Let $f$ be an irreducible cubic polynomial over $\mathbb Q$ with exactly one real root and $K$ the smallest subfield of $\mathbb C$ containing the roots of $f$.
My question is
$\sigma (K) \subset K$, where $\sigma $ denotes complex conjugation.
[$K$ : $\mathbb Q$ ] is an even number.
Now what is complex conjugation here and how can I prove these statements?

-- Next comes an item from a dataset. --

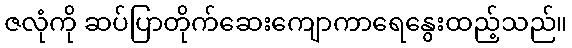
ဇလုံကို ဆပ်ပြာတိုက်ဆေးကျောကာရေနွေးထည့်သည်။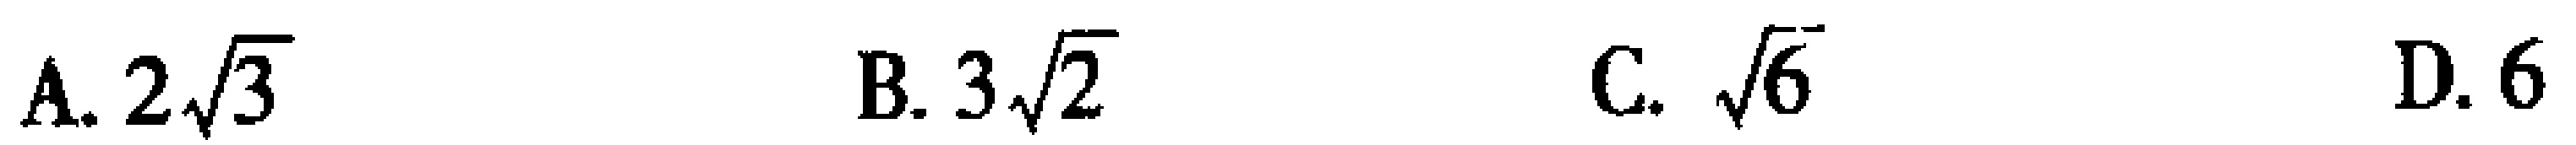
A. \(2\sqrt{3}\)  B. \(3\sqrt{2}\)  C. \(\sqrt{6}\)  D. \(6\)

Any hint will be appreciated.
Let assume $[K:\mathbb{Q}]$ is an odd number then we shall prove that all roots of $f$ are real numbers. If $f$ has only one real root ($f$ is a cubic so always has at least one real root), denote $\alpha_1,\alpha_2,\alpha_3$ three roots $f$ in which $\alpha_1 \in \mathbb{R}$. The complex conjugation $\sigma: K \longrightarrow K, x + iy \mapsto x - iy=\overline{x+iy}$ satisfies that $g(\overline{z}) = \overline{g(z)}$ for all polynomials so in particular $\sigma \in \mathrm{Gal}(K/\mathbb{Q})$ and further more $\sigma(\alpha_1)=\alpha_1,\sigma(\alpha_2)=\alpha_3,\sigma(\alpha_3)=\alpha_2$ which implies that $\sigma^2 = 1$. Consequently, $2 =\mathrm{ord}(\sigma) \mid [K: \mathbb{Q}] = \left |\mathrm{Gal}(K/\mathbb{Q}) \right|$ (since $\mathbb{Q}$ has characteristic $0$) which contradicts to our assumption.